--- START ---

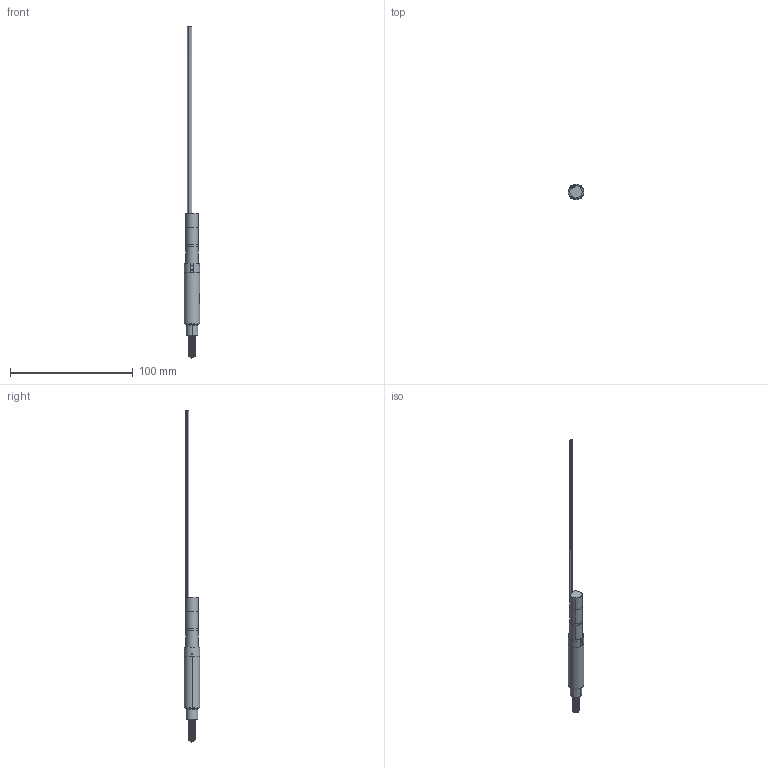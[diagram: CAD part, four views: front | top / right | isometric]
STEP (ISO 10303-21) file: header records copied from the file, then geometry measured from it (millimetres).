
FILE_DESCRIPTION (( 'STEP AP214' ), '1' );
FILE_NAME ('6470-E0W.step', '2007-11-09T04:35:18', ( ' ' ), ( ' ' ), 'SwSTEP 2.0', 'SolidWorks 2007', '' );
FILE_SCHEMA (( 'AUTOMOTIVE_DESIGN' ));
Length unit declared in the file: inch
Products named in the file (1): 6470-E0W
Bounding box: 12.7 x 12.7 x 269.92 mm (x, y, z)
Surface area: 7813.4 mm2 (no closed solid volume)
Topology: 0 solids, 10 shells, 208 faces, 828 edges, 630 vertices
Faces by surface type: cylinder 173, plane 23, cone 7, bspline 3, sphere 2
Entity records: 18315 total; most frequent: CARTESIAN_POINT 9433, ORIENTED_EDGE 1502, DIRECTION 1039, EDGE_CURVE 823, VERTEX_POINT 627, AXIS2_PLACEMENT_3D 373, VECTOR 293, LINE 293
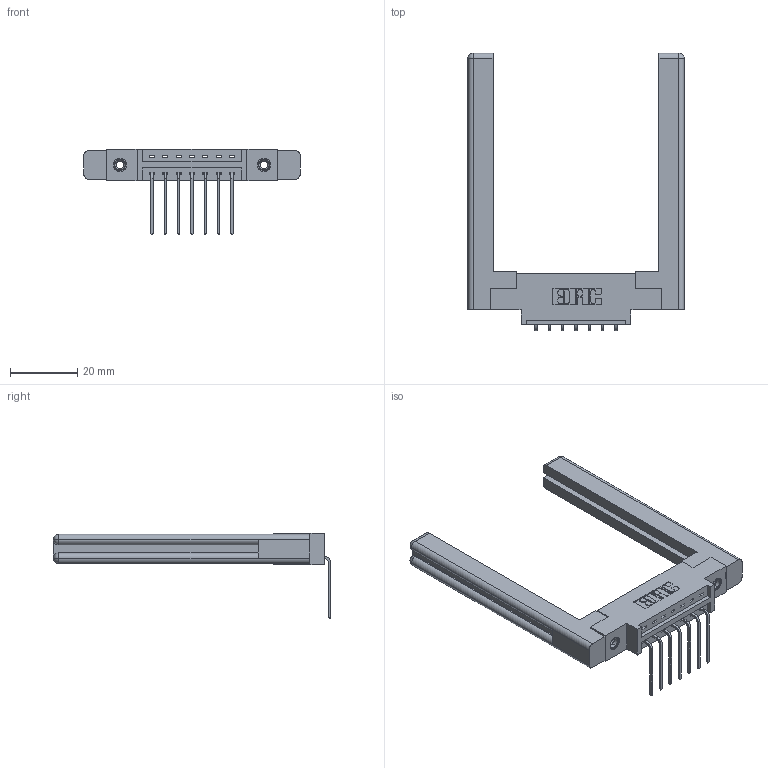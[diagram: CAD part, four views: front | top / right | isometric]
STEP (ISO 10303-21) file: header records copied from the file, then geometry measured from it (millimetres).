
FILE_DESCRIPTION (( 'STEP AP203' ), '1' );
FILE_NAME ('337-007-559-658.STEP', '2019-09-27T18:27:09', ( '' ), ( '' ), 'SwSTEP 2.0', 'SolidWorks 2016', '' );
FILE_SCHEMA (( 'CONFIG_CONTROL_DESIGN' ));
Length unit declared in the file: inch
Products named in the file (5): 345-292-001_558 559 Tail - 1; 345-250-001_345-250-001-102; 337-007-559-658; 337 Part_0.170 Offset - 0.156 Dia-TI; 307-220-058
Assembly tree (12 placements, depth 2):
  337-007-559-658
    337 Part_0.170 Offset - 0.156 Dia-TI
    345-292-001_558 559 Tail - 1  x7
    345-250-001_345-250-001-102  x2
    307-220-058  x2
Bounding box: 64.36 x 82.49 x 25.53 mm (x, y, z)
Volume: 13319.5 mm3; surface area: 11621.2 mm2
Topology: 12 solids, 12 shells, 708 faces, 2035 edges, 1334 vertices
Faces by surface type: plane 494, cylinder 190, cone 12, torus 12
Entity records: 12580 total; most frequent: CARTESIAN_POINT 2190, ORIENTED_EDGE 2072, DIRECTION 1934, EDGE_CURVE 1036, VECTOR 860, LINE 860, VERTEX_POINT 682, AXIS2_PLACEMENT_3D 537
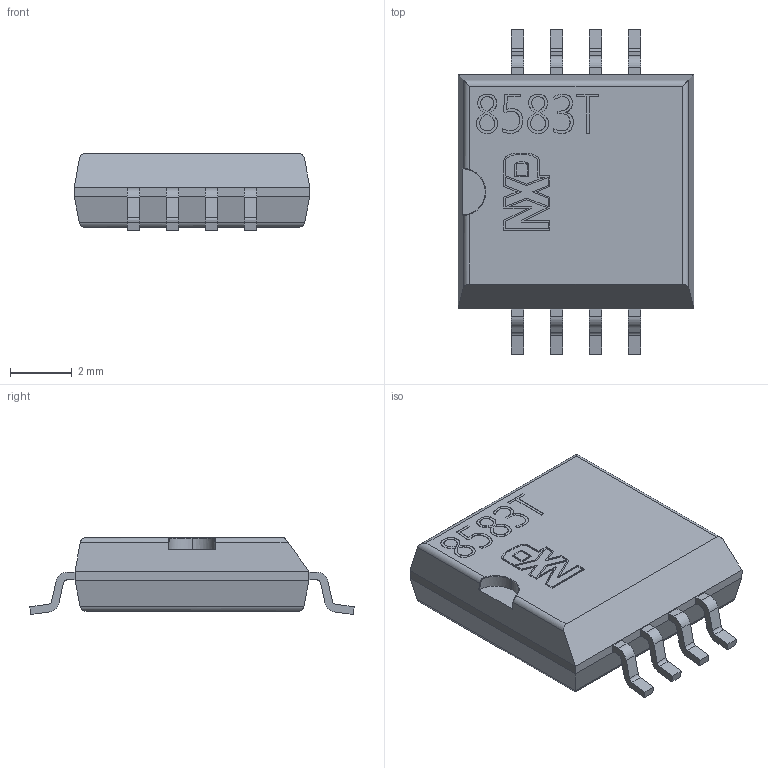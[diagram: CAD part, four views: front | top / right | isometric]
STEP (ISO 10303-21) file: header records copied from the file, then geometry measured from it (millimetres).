
FILE_DESCRIPTION (( 'STEP AP214' ), '1' );
FILE_NAME ('User Library-SOIC-8-W7.5mm(SOT176-1).STEP', '2021-02-17T08:30:45', ( '' ), ( '' ), 'SwSTEP 2.0', 'SolidWorks 2020', '' );
FILE_SCHEMA (( 'AUTOMOTIVE_DESIGN' ));
Length unit declared in the file: millimetre
Products named in the file (10): User Library-SOIC-8-W7.5mm(SOT176-1); Pin3; Pin2; Pin7; Pin8; Pin1; Pin6; Pin4; Body; Pin5
Assembly tree (9 placements, depth 2):
  User Library-SOIC-8-W7.5mm(SOT176-1)
    Body
    Pin1
    Pin2
    Pin3
    Pin4
    Pin5
    Pin6
    Pin7
    Pin8
Bounding box: 7.65 x 10.53 x 2.5 mm (x, y, z)
Volume: 130.9 mm3; surface area: 198.7 mm2
Topology: 9 solids, 9 shells, 373 faces, 996 edges, 658 vertices
Faces by surface type: plane 204, bspline 111, cylinder 58
Entity records: 15981 total; most frequent: CARTESIAN_POINT 4209, ORIENTED_EDGE 1992, DIRECTION 1420, EDGE_CURVE 996, VECTOR 660, LINE 660, VERTEX_POINT 658, EDGE_LOOP 390
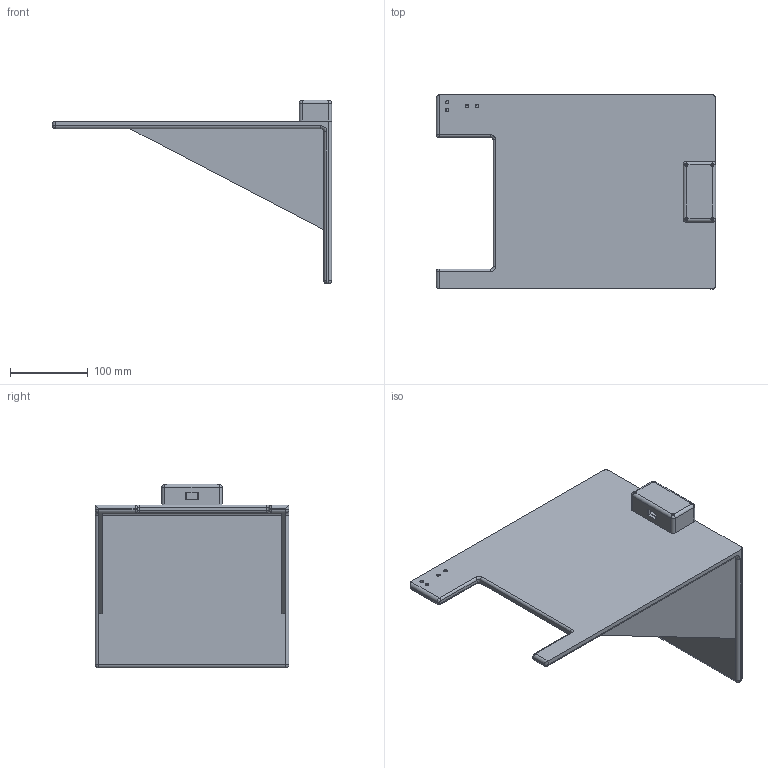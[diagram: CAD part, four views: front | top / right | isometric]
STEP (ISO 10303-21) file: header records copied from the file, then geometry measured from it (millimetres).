
FILE_DESCRIPTION(/* description */ (''),/* implementation_level */ '2;1');
FILE_NAME(/* name */ 'основание форточки.stp',/* time_stamp */ '2023-02-20T22:00:10+03:00',/* author */ ('Tasya'),/* organization */ (''),/* preprocessor_version */ 'ST-DEVELOPER v18.1',/* originating_system */ 'Autodesk Inventor 2021',/* authorisation */ '');
FILE_SCHEMA (('AUTOMOTIVE_DESIGN { 1 0 10303 214 3 1 1 }'));
Length unit declared in the file: millimetre
Products named in the file (1): основание форточки
Bounding box: 360 x 250 x 237 mm (x, y, z)
Volume: 1432577.8 mm3; surface area: 355520.5 mm2
Topology: 3 solids, 3 shells, 222 faces, 572 edges, 364 vertices
Faces by surface type: cylinder 100, plane 64, torus 18, cone 18, sphere 18, bspline 4
Full cylindrical faces by diameter (mm): 2.6 x4, 3 x4, 3.6 x2, 3.7 x6, 3.9 x2
Entity records: 7043 total; most frequent: CARTESIAN_POINT 1323, DIRECTION 1302, ORIENTED_EDGE 1144, EDGE_CURVE 572, AXIS2_PLACEMENT_3D 523, VERTEX_POINT 364, CIRCLE 302, LINE 256
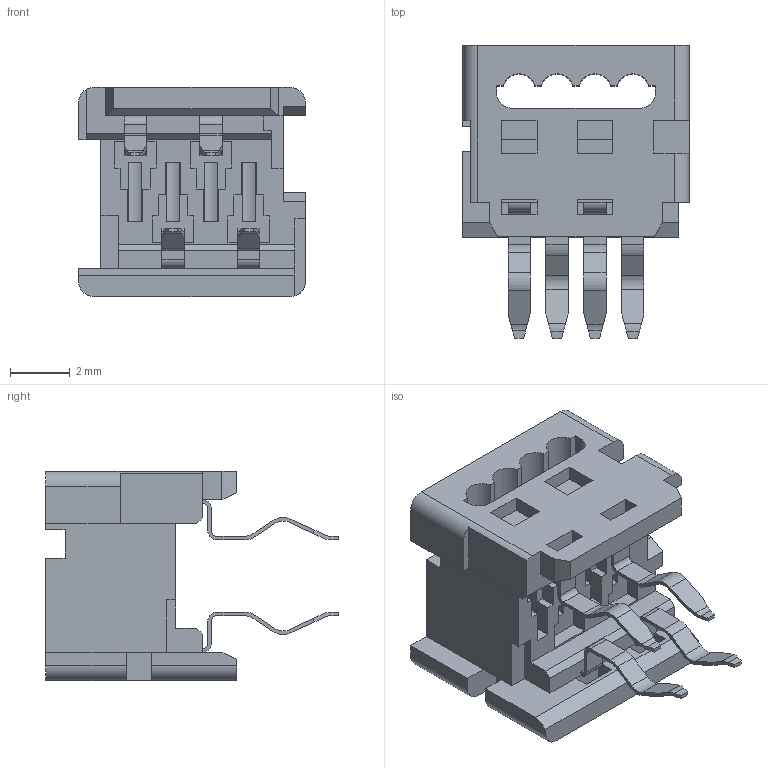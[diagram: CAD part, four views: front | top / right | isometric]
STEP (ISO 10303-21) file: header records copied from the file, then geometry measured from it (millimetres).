
FILE_DESCRIPTION((''),'2;1');
FILE_NAME('905841304','2014-03-26T',('me'),(''),'PRO/ENGINEER BY PARAMETRIC TECHNOLOGY CORPORATION, 2011490','PRO/ENGINEER BY PARAMETRIC TECHNOLOGY CORPORATION, 2011490','');
FILE_SCHEMA(('CONFIG_CONTROL_DESIGN'));
Length unit declared in the file: millimetre
Products named in the file (1): 905841304
Bounding box: 7.59 x 9.8 x 7 mm (x, y, z)
Volume: 175.1 mm3; surface area: 506.6 mm2
Topology: 1 solids, 1 shells, 331 faces, 990 edges, 656 vertices
Faces by surface type: plane 275, cylinder 56
Entity records: 11093 total; most frequent: CARTESIAN_POINT 2010, ORIENTED_EDGE 1964, DIRECTION 1756, EDGE_CURVE 982, VECTOR 856, LINE 856, VERTEX_POINT 648, AXIS2_PLACEMENT_3D 450

--- END ---

Retype each line above exactly and leave out any picture.

**Result below**
[diagram: CAD part, four views: front | top / right | isometric]
STEP (ISO 10303-21) file: header records copied from the file, then geometry measured from it (millimetres).
FILE_DESCRIPTION (( 'STEP AP214' ), '1' );
FILE_NAME ('6470-E0W.step', '2007-11-09T04:35:18', ( ' ' ), ( ' ' ), 'SwSTEP 2.0', 'SolidWorks 2007', '' );
FILE_SCHEMA (( 'AUTOMOTIVE_DESIGN' ));
Length unit declared in the file: inch
Products named in the file (1): 6470-E0W
Bounding box: 12.7 x 12.7 x 269.92 mm (x, y, z)
Surface area: 7813.4 mm2 (no closed solid volume)
Topology: 0 solids, 10 shells, 208 faces, 828 edges, 630 vertices
Faces by surface type: cylinder 173, plane 23, cone 7, bspline 3, sphere 2
Entity records: 18315 total; most frequent: CARTESIAN_POINT 9433, ORIENTED_EDGE 1502, DIRECTION 1039, EDGE_CURVE 823, VERTEX_POINT 627, AXIS2_PLACEMENT_3D 373, VECTOR 293, LINE 293
[diagram: CAD part, four views: front | top / right | isometric]
STEP (ISO 10303-21) file: header records copied from the file, then geometry measured from it (millimetres).
FILE_DESCRIPTION (( 'STEP AP203' ), '1' );
FILE_NAME ('337-007-559-658.STEP', '2019-09-27T18:27:09', ( '' ), ( '' ), 'SwSTEP 2.0', 'SolidWorks 2016', '' );
FILE_SCHEMA (( 'CONFIG_CONTROL_DESIGN' ));
Length unit declared in the file: inch
Products named in the file (5): 345-292-001_558 559 Tail - 1; 345-250-001_345-250-001-102; 337-007-559-658; 337 Part_0.170 Offset - 0.156 Dia-TI; 307-220-058
Assembly tree (12 placements, depth 2):
  337-007-559-658
    337 Part_0.170 Offset - 0.156 Dia-TI
    345-292-001_558 559 Tail - 1  x7
    345-250-001_345-250-001-102  x2
    307-220-058  x2
Bounding box: 64.36 x 82.49 x 25.53 mm (x, y, z)
Volume: 13319.5 mm3; surface area: 11621.2 mm2
Topology: 12 solids, 12 shells, 708 faces, 2035 edges, 1334 vertices
Faces by surface type: plane 494, cylinder 190, cone 12, torus 12
Entity records: 12580 total; most frequent: CARTESIAN_POINT 2190, ORIENTED_EDGE 2072, DIRECTION 1934, EDGE_CURVE 1036, VECTOR 860, LINE 860, VERTEX_POINT 682, AXIS2_PLACEMENT_3D 537
[diagram: CAD part, four views: front | top / right | isometric]
STEP (ISO 10303-21) file: header records copied from the file, then geometry measured from it (millimetres).
FILE_DESCRIPTION (( 'STEP AP214' ), '1' );
FILE_NAME ('User Library-SOIC-8-W7.5mm(SOT176-1).STEP', '2021-02-17T08:30:45', ( '' ), ( '' ), 'SwSTEP 2.0', 'SolidWorks 2020', '' );
FILE_SCHEMA (( 'AUTOMOTIVE_DESIGN' ));
Length unit declared in the file: millimetre
Products named in the file (10): User Library-SOIC-8-W7.5mm(SOT176-1); Pin3; Pin2; Pin7; Pin8; Pin1; Pin6; Pin4; Body; Pin5
Assembly tree (9 placements, depth 2):
  User Library-SOIC-8-W7.5mm(SOT176-1)
    Body
    Pin1
    Pin2
    Pin3
    Pin4
    Pin5
    Pin6
    Pin7
    Pin8
Bounding box: 7.65 x 10.53 x 2.5 mm (x, y, z)
Volume: 130.9 mm3; surface area: 198.7 mm2
Topology: 9 solids, 9 shells, 373 faces, 996 edges, 658 vertices
Faces by surface type: plane 204, bspline 111, cylinder 58
Entity records: 15981 total; most frequent: CARTESIAN_POINT 4209, ORIENTED_EDGE 1992, DIRECTION 1420, EDGE_CURVE 996, VECTOR 660, LINE 660, VERTEX_POINT 658, EDGE_LOOP 390
[diagram: CAD part, four views: front | top / right | isometric]
STEP (ISO 10303-21) file: header records copied from the file, then geometry measured from it (millimetres).
FILE_DESCRIPTION(/* description */ (''),/* implementation_level */ '2;1');
FILE_NAME(/* name */ 'основание форточки.stp',/* time_stamp */ '2023-02-20T22:00:10+03:00',/* author */ ('Tasya'),/* organization */ (''),/* preprocessor_version */ 'ST-DEVELOPER v18.1',/* originating_system */ 'Autodesk Inventor 2021',/* authorisation */ '');
FILE_SCHEMA (('AUTOMOTIVE_DESIGN { 1 0 10303 214 3 1 1 }'));
Length unit declared in the file: millimetre
Products named in the file (1): основание форточки
Bounding box: 360 x 250 x 237 mm (x, y, z)
Volume: 1432577.8 mm3; surface area: 355520.5 mm2
Topology: 3 solids, 3 shells, 222 faces, 572 edges, 364 vertices
Faces by surface type: cylinder 100, plane 64, torus 18, cone 18, sphere 18, bspline 4
Full cylindrical faces by diameter (mm): 2.6 x4, 3 x4, 3.6 x2, 3.7 x6, 3.9 x2
Entity records: 7043 total; most frequent: CARTESIAN_POINT 1323, DIRECTION 1302, ORIENTED_EDGE 1144, EDGE_CURVE 572, AXIS2_PLACEMENT_3D 523, VERTEX_POINT 364, CIRCLE 302, LINE 256
[diagram: CAD part, four views: front | top / right | isometric]
STEP (ISO 10303-21) file: header records copied from the file, then geometry measured from it (millimetres).
FILE_DESCRIPTION((''),'2;1');
FILE_NAME('905841304','2014-03-26T',('me'),(''),'PRO/ENGINEER BY PARAMETRIC TECHNOLOGY CORPORATION, 2011490','PRO/ENGINEER BY PARAMETRIC TECHNOLOGY CORPORATION, 2011490','');
FILE_SCHEMA(('CONFIG_CONTROL_DESIGN'));
Length unit declared in the file: millimetre
Products named in the file (1): 905841304
Bounding box: 7.59 x 9.8 x 7 mm (x, y, z)
Volume: 175.1 mm3; surface area: 506.6 mm2
Topology: 1 solids, 1 shells, 331 faces, 990 edges, 656 vertices
Faces by surface type: plane 275, cylinder 56
Entity records: 11093 total; most frequent: CARTESIAN_POINT 2010, ORIENTED_EDGE 1964, DIRECTION 1756, EDGE_CURVE 982, VECTOR 856, LINE 856, VERTEX_POINT 648, AXIS2_PLACEMENT_3D 450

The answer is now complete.